By Alliance Communications Coordinator Amy Durr
November tends to be a time when many Americans focus on family. Thanksgiving in particular can be a day of joy or anguish, reveling in companionship or opening up old wounds and political strife.
We all know the aftermath of the “first Thanksgiving,” and this can be a particularly difficult “holiday” for many Native Americans.
As we are celebrating Native American Heritage Month, I explored a wide range of deeply moving First People poems. I was surprisingly confronted by the journey poet, writer, performer, editor and literary activist Allison Hedge Coke took me on in her powerful poem America, I sing you back. Her first person/third person insights about both her and our world have continued to resonate.
Despite her tough yet sensitive and forgiving outlook, I was left with a sense of hope and possibility for living and seeing in a new way. As she told PBS, “Indigenous people want to see harmony restored to the Earth.” It’s at once a bold statement, a hopeful vision and a longed-for rebalancing. These ideas are beautifully articulated in her hospitable poem.
Allison Hedge Coke has worked as a mentor and teacher with Native Americans “on reservations, in urban areas, in juvenile facilities, mental institutions, and in prisons” and several other at-risk youth communities. She came of age cropping tobacco and working fields, waters and working in factories.

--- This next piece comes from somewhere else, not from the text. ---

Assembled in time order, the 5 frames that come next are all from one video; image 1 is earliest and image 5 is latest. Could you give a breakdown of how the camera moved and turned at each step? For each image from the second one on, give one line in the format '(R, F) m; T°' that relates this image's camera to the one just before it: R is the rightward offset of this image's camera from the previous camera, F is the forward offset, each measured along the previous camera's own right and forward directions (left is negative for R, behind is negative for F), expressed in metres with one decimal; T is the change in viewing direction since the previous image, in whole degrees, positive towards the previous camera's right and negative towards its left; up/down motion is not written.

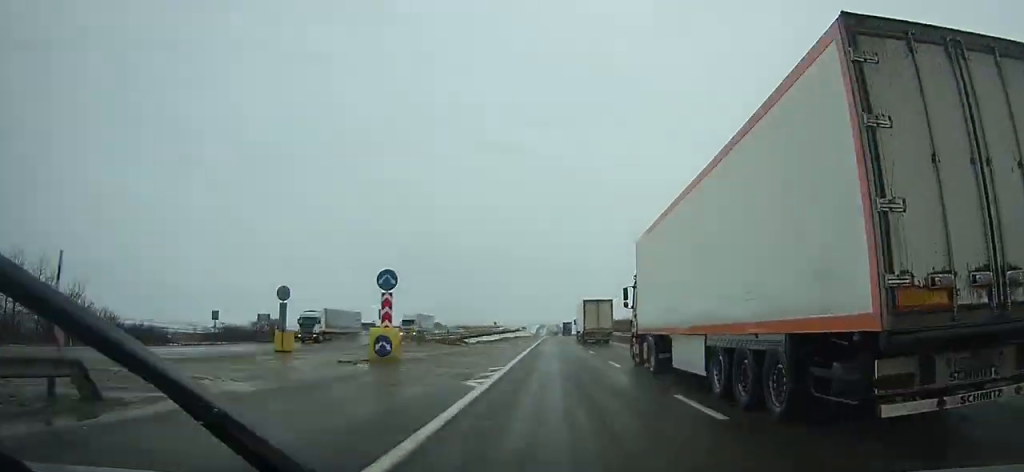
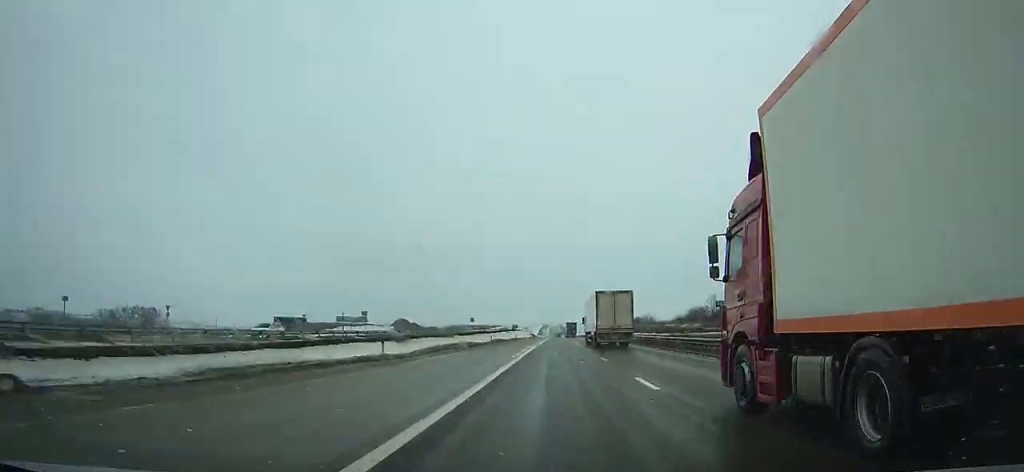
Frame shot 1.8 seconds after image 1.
(-0.1, +55.7) m; 0°
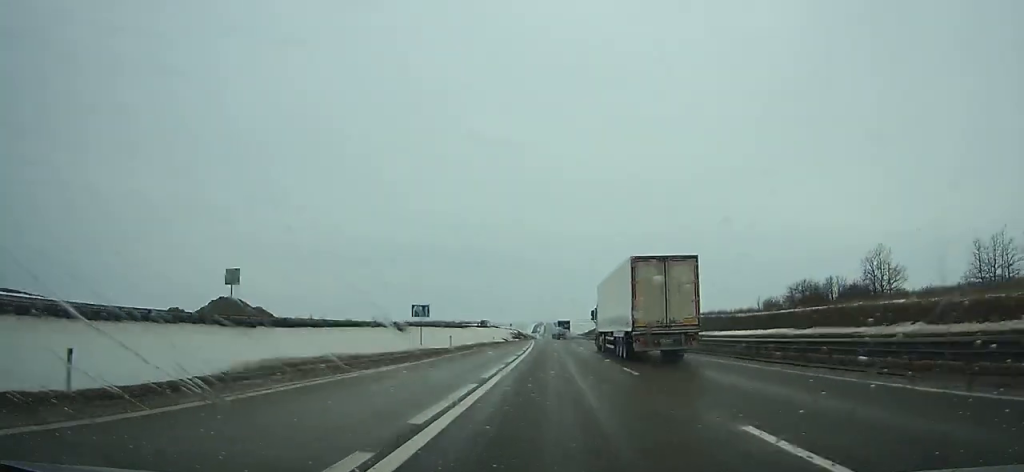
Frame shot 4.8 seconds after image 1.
(-0.1, +92.3) m; 0°
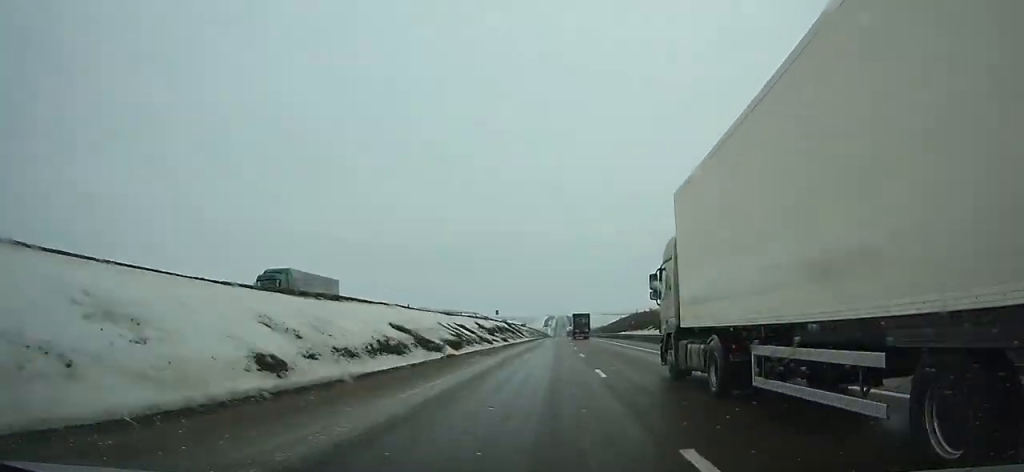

She earned an AFAW in creative writing on the old Institute for American Indian Arts campus in Santa Fe, attended two Jack Kerouac School of Disembodied Poetics Summer Writing Programs (on invited fellowships), and earned an MFA from Vermont College (1995).
The Joy, Sorrow and Forgiveness of the US as Unrepentant Child
“During the disruption of the land, the mother is waiting for the child to accept advice,” Hedge Coke, who is of mixed heritage, explains of her poem. “The child is going through its toddler or adolescent stage when it’s acting out. But the mother knows the child will accept reason. And then it will be time to reclaim the beauty of the Earth, the reverence, the peace and harmony.”
Hedge Coke uses the imagery of a mother singing to her child, and then waiting for the child to mature and enter a time of reason. She says the poem was born not out of anger but concern for what she saw happening in the United States 12 years ago. She said she was especially alarmed by the greediness of politicians to take natural resources from the land, according to PBS.
I find her poem to be incredibly moving and generous. The fraught emotion of the mother-child bond illustrates the complex, painful and deeply respectful relationship between Native Americans and the stolen land we now call the US. Hedge Coke is kind enough to give us a way forward, continuing to sing.
“There’s always something at work beyond us. No matter how bad things get, there’s a way to make things over. There’s a way to add love, to restore balance again,” Hedge Coke reassures us.
I hope we can all absorb her nuanced perspective and that it can go deep into her profound questions and long-needed self-reflection this Thanksgiving. And may we too have love and restore balance.
America, I Sing Back By Allison Adelle Hedge Coke
for Phil Young, my father, Robert Hedge Coke, Whitman, and Hughes
America, I sing back. Sing back what sung you in.
Sing back the moment you cherished breath.
Sing you home into yourself and back to reason.
Oh, before America began to sing, I sung her to sleep,
held her cradleboard, wept her into day.
My song gave her creation, prepared her delivery,
held her severed cord beautifully beaded.
My song helped her stand, held her hand for first steps,
nourished her very being, fed her, placed her three sisters strong.
My song comforted her as she battled my reason
broke my long held footing sure, as any child might do.
Lo, as she pushed herself away, forced me to remove myself,
as I cried this country, my song grew roses in each tear’s fall.
My blood veined rivers, painted pipestone quarries
circled canyons, while she made herself maiden fine.
Oh, but here I am, here I am, here, I remain high on each and every peak,
carefully rumbling her great underbelly, prepared to pour forth singing—
and sing again I will, as I have always done.
Never silenced unless in the company of strangers, singing
the stoic face, polite repose, polite, while dancing deep inside, polite
Mother of her world. Sister of myself.
When my song sings aloud again. When I call her back to cradle.
Call her to peer into waters, to behold herself in dark and light,
day and night, call her to sing along, call her to mature, to envision—
Then, she will make herself over. My song will make it so
When she grows far past her self-considered purpose,
I will sing her back, sing her back. I will sing. Oh, I will—I do.
America, I sing back. Sing back what sung you in.